* _Requirement_
A verbatim repeat of the lines below is required, with the pictures removed.

* _Provided information_
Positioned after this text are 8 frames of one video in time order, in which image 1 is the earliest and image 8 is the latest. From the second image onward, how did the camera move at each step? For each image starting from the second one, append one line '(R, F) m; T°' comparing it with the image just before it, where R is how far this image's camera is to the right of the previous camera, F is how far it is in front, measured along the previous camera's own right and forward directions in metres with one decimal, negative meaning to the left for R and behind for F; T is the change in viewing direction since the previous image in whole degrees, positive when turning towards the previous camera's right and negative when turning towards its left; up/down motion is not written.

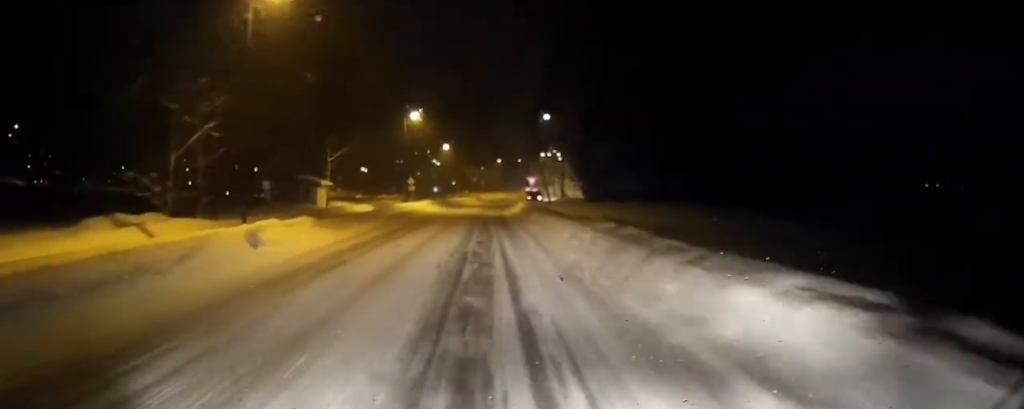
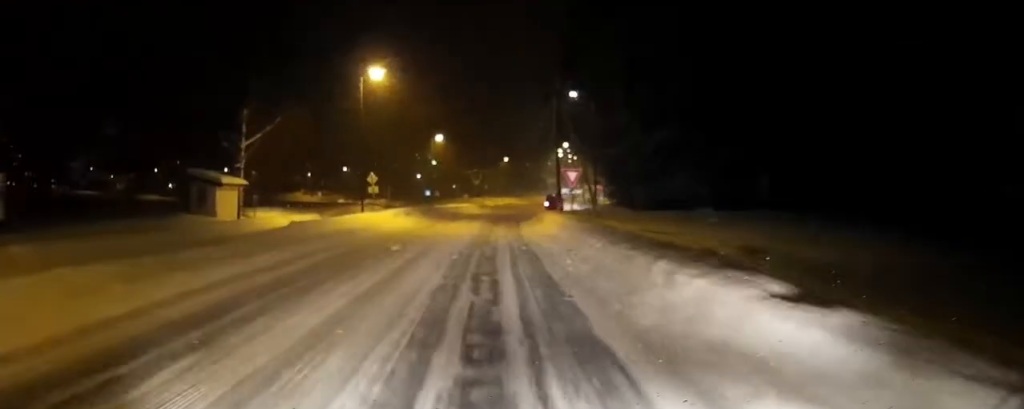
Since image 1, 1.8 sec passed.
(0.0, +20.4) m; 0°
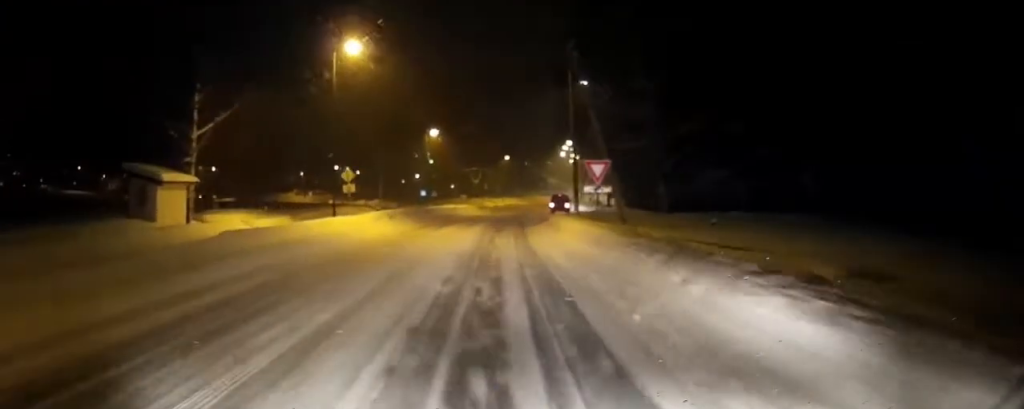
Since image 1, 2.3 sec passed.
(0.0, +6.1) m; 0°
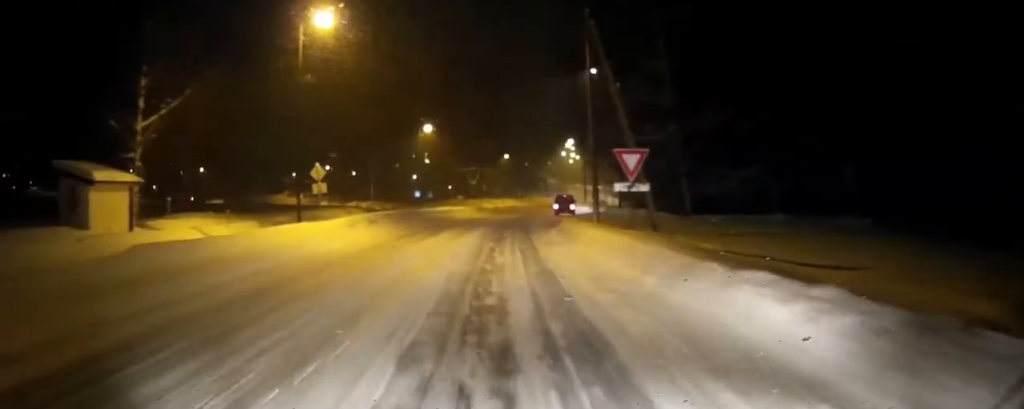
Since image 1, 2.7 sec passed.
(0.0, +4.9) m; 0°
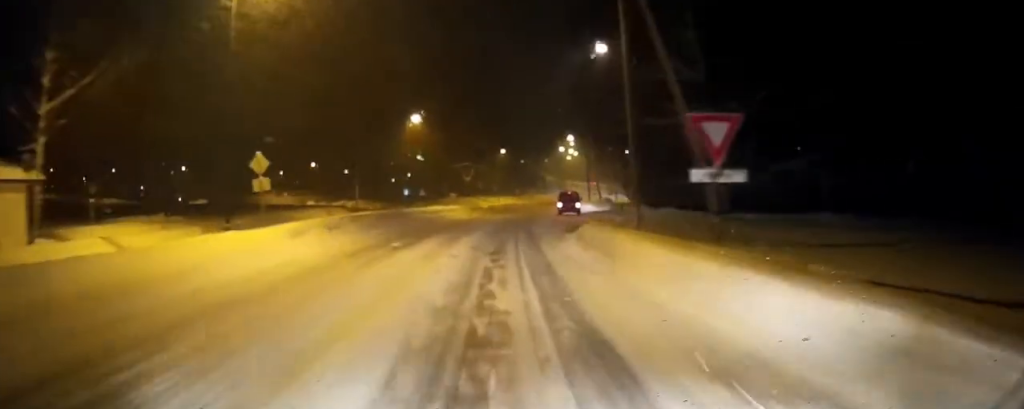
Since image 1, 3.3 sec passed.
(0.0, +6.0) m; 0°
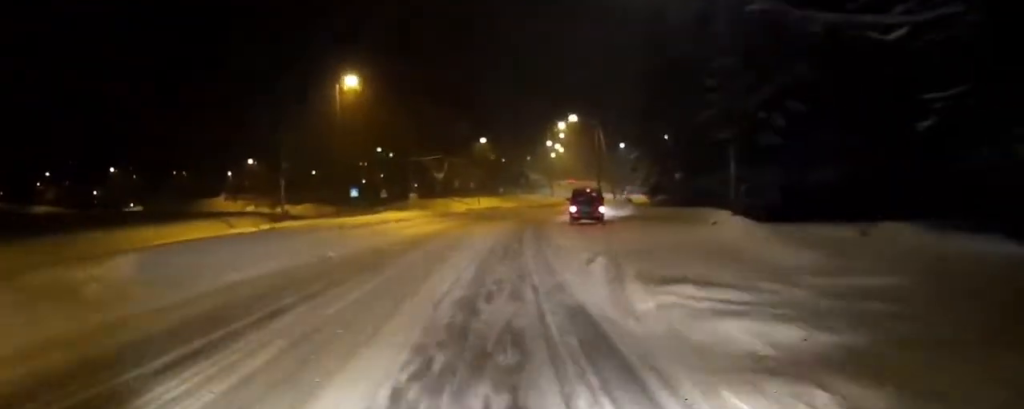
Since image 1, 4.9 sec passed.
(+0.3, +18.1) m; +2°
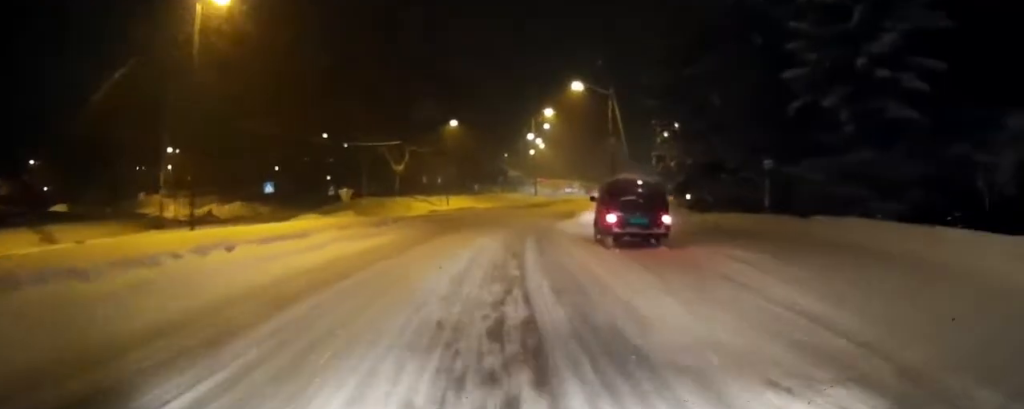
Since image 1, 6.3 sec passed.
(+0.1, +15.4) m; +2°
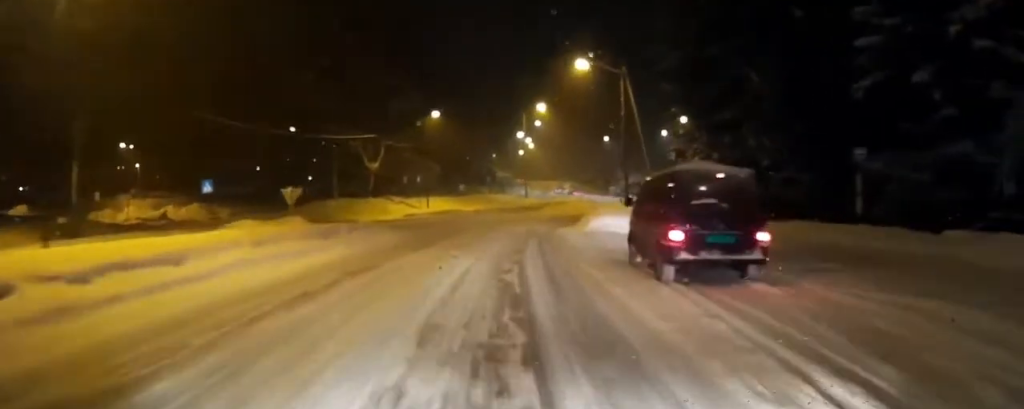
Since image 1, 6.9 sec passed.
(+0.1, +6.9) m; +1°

* _Task answer_
Positioned after this text are 8 frames of one video in time order, in which image 1 is the earliest and image 8 is the latest. From the second image onward, how did the camera move at each step? For each image starting from the second one, append one line '(R, F) m; T°' comparing it with the image just before it, where R is how far this image's camera is to the right of the previous camera, F is how far it is in front, measured along the previous camera's own right and forward directions in metres with one decimal, negative meaning to the left for R and behind for F; T is the change in viewing direction since the previous image in whole degrees, positive when turning towards the previous camera's right and negative when turning towards its left; up/down motion is not written.

Since image 1, 1.8 sec passed.
(0.0, +20.4) m; 0°
Since image 1, 2.3 sec passed.
(0.0, +6.1) m; 0°
Since image 1, 2.7 sec passed.
(0.0, +4.9) m; 0°
Since image 1, 3.3 sec passed.
(0.0, +6.0) m; 0°
Since image 1, 4.9 sec passed.
(+0.3, +18.1) m; +2°
Since image 1, 6.3 sec passed.
(+0.1, +15.4) m; +2°
Since image 1, 6.9 sec passed.
(+0.1, +6.9) m; +1°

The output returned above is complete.